In the wake of the recent financial crisis, the Dodd-Frank Act created the SEC Investor Advisory Committee with the stated purpose of advising the SEC on (i) regulatory priorities of the SEC; (ii) issues relating to the regulation of securities products, trading strategies, and fee structures, and the effectiveness of disclosure; (iii) initiatives to protect investor interest; and (iv) initiatives to promote investor confidence and the integrity of the securities marketplace. In other words, the committee is to advise on matters historically within the purview of federal securities laws. While this is fine and good, there is some indication that the SEC may again be considering the use of disclosure rules to indirectly regulate matters that are not federal securities law matters (see, e.g., conflict mineral rules, Iran-related disclosure rules, CEO pay ratio disclosure rules, etc.).

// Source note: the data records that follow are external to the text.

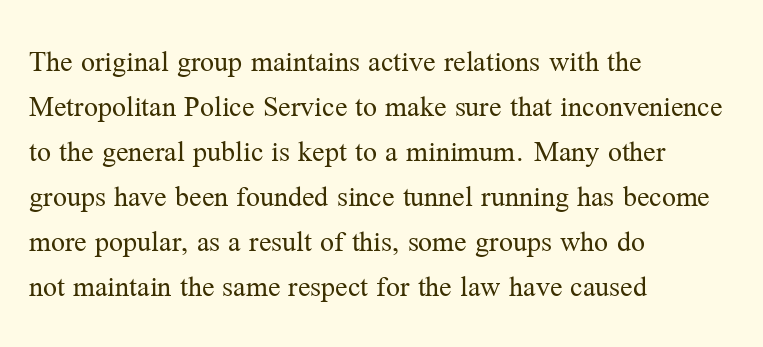
{"serif": "yes", "italic": "no", "bold": "no", "weight": "regular", "width": "normal", "stroke_contrast": "medium", "x_height": "medium", "monospaced": "no", "underline": "no", "align": "left", "line_spacing": "normal", "line_spacing_ratio": 1.45, "letter_spacing": "normal", "letter_spacing_em": 0.0, "glyph_px": 31}
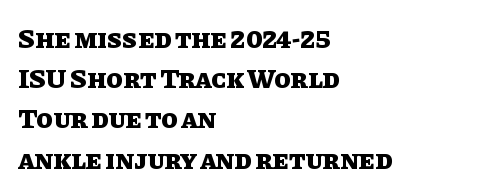
The rag falls on the right side of this text block. The axis of the letterforms is exactly vertical. Descender tails drop into unmarked territory. Inter-character spacing is left at the font's built-in metrics. Heavy, bold letterforms.
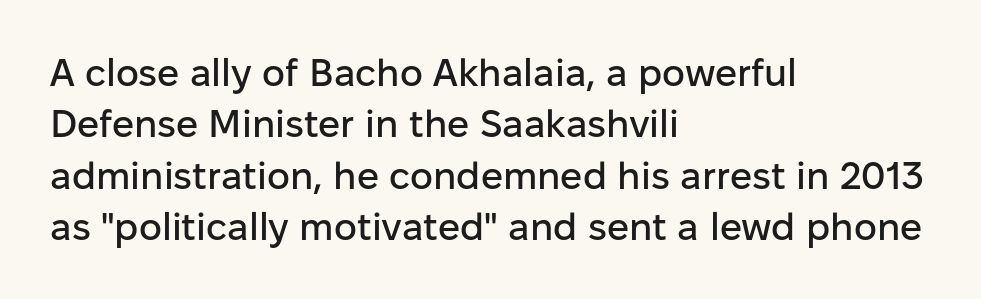
Classification — sans serif. Tracking here is standard; glyphs follow each other at the usual distance. The ragged edge is on the right, which tells us the setting is flush left. Check the space under the baseline: it is left empty.
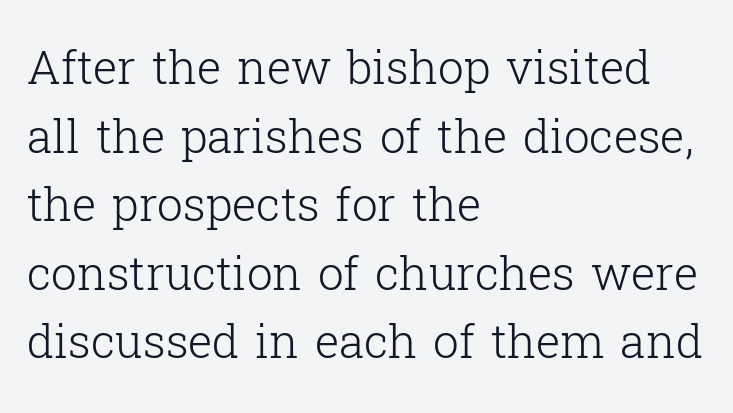
{"serif": "yes", "italic": "no", "bold": "no", "weight": "light", "width": "normal", "stroke_contrast": "low", "x_height": "medium", "monospaced": "no", "underline": "no", "align": "left", "line_spacing": "normal", "line_spacing_ratio": 1.49, "letter_spacing": "normal", "letter_spacing_em": 0.0, "glyph_px": 46}

The new potential area of regulation for the SEC may be internal corporate affairs. The committee’s agenda for the October 9, 2014 meeting of the SEC Investor Advisory Committee will include a discussion of issuer adoption of fee-shifting bylaws for intra-corporate litigation. An interesting topic considering such bylaws are matters of state corporate and contract laws, not federal securities laws.
In a prior blog post, I discussed the hot topic of fee-shifting bylaws. The purpose of such bylaw provisions is to require a non-prevailing shareholder to reimburse the corporation for fees incurred in connection with defending the lawsuit. These bylaw provisions gained notoriety in the recent case of ATP Tour, Inc. v. Deutscher Tennis Bund, where the Delaware Supreme Court held that fee-shifting provisions contained in a Delaware non-stock corporation’s bylaws were facially valid if not enacted for an improper purpose. Commentators generally believed that the court’s ruling would apply equally to Delaware stock corporations due to the statutory basis of the court’s ruling.
The general theory is that these fee-shifting provisions may have a deterrent effect on intra corporate litigation and would curb the number of baseless strike suits against publicly held corporations. The Delaware legislature has indicated that it would likely be considering whether legislative action was necessary related to fee-shifting bylaw provisions, but to date, nothing significant has been done on this front.
As Keith Bishop correctly points out in a blog post on this issue, the enforceability of a company’s bylaws is solely a question of state contract and corporate law, not federal securities law. As it relates to the Investor Advisory Committee’s fee-shifting bylaws agenda item, in his words, “[o]ne would have to be either credulous or contumacious to read into this statute a Congressional intent that the Investor Advisory Committee advise and consult with the Securities and Exchange Commission on matters of state contract law.”
I don’t believe there can be any reasonable disagreement with this observation. But the question then becomes, what is the purpose of this agenda item? One answer is that it may merely be a point of discussion on the potential impact to shareholders of public companies and whether and to what extent disclosure of such provisions and their effect on shareholders should be disclosed in periodic filings with the SEC. However, as was seemingly the case with the SEC’s conflict mineral disclosure rules (and which David Scileppi previously discussed here and which Bob Lamm also touched on here), this may be an addition to the list of matters sought to be regulated by the SEC via disclosure requirements. At this point, anything is speculation and we will have to wait and see what comes of the Investor Advisory Committee meeting.